Overview

This chapter presents hash tables, one of the most practical and widely used data structures for implementing dictionaries (supporting INSERT, SEARCH, and DELETE). While worst-case search time can degrade to Θ(n), hash tables deliver O(1) average-case performance under reasonable assumptions. The chapter progresses from direct-address tables through chaining and open addressing, covers the design of hash functions (division, multiplication, and universal hashing), and concludes with perfect hashing for static key sets.

Key Concepts

• Direct-address tables: When the universe of keys U = {0, 1, ..., m−1} is small, store elements directly in an array T[0..m−1] indexed by key. All dictionary operations run in O(1) worst-case time. Impractical when |U| is large.
• Hash tables: Map keys from a large universe U into a table of size m using a hash function h: U → {0, 1, ..., m−1}. The table size m is typically proportional to the number of keys actually stored, not the universe size. Element with key k is stored at slot h(k).
• Collisions: When two distinct keys k₁ ≠ k₂ satisfy h(k₁) = h(k₂). Collisions are unavoidable when |U| > m (pigeonhole principle).
• Load factor: α = n/m, where n is the number of stored elements and m is the table size. A critical parameter governing performance.
• Simple uniform hashing assumption: Each key is equally likely to hash to any of the m slots, independently of other keys.
• Chaining: Each slot T[j] holds a linked list of all elements that hash to slot j.
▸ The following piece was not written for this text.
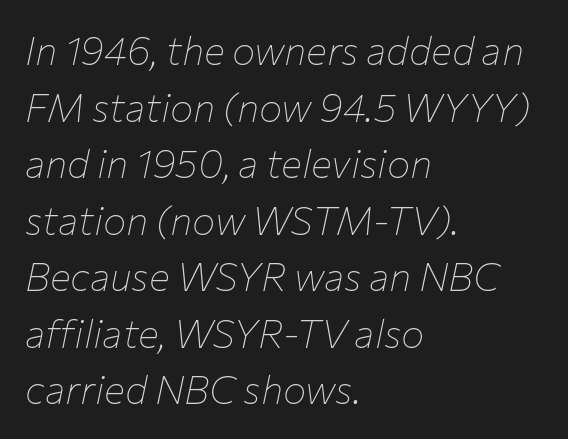
Is this a fixed-width face? No — the glyphs have proportional, varying widths. Tall strokes in this sample are angled rather than plumb. One glance says typical: line gaps are just what's usual. This is not heavy type; no bold has been used. One-word summary of the alignment: left.

Supports all dictionary operations.
• Open addressing: All elements reside within the hash table array itself (no external lists). The hash function produces a probe sequence ⟨h(k,0), h(k,1), ..., h(k,m−1)⟩ that is a permutation of ⟨0, 1, ..., m−1⟩. Load factor α ≤ 1.
• Universal hashing: A family H of hash functions such that for any two distinct keys k, l, at most |H|/m functions in H cause k and l to collide. Choosing h randomly from H defeats adversarial key distributions.
• Perfect hashing: A two-level hashing scheme for static key sets that guarantees O(1) worst-case search time using O(n) total space.

Algorithms and Techniques

Chaining

• CHAINED-HASH-INSERT(T, x): Insert x at the head of list T[h(x.key)]. Runs in O(1).
• CHAINED-HASH-SEARCH(T, k): Search for key k in list T[h(k)]. Worst case O(n) but Θ(1 + α) on average.
• CHAINED-HASH-DELETE(T, x): Delete element x from its list. O(1) with doubly linked lists (given a pointer to x).

Open Addressing

• HASH-INSERT(T, k): Probe slots in order h(k,0), h(k,1), ... until an empty slot is found; store k there. Signals overflow if table is full.
• HASH-SEARCH(T, k): Probe the same sequence used for insertion. Returns the slot index if k is found, or NIL if an empty slot is encountered.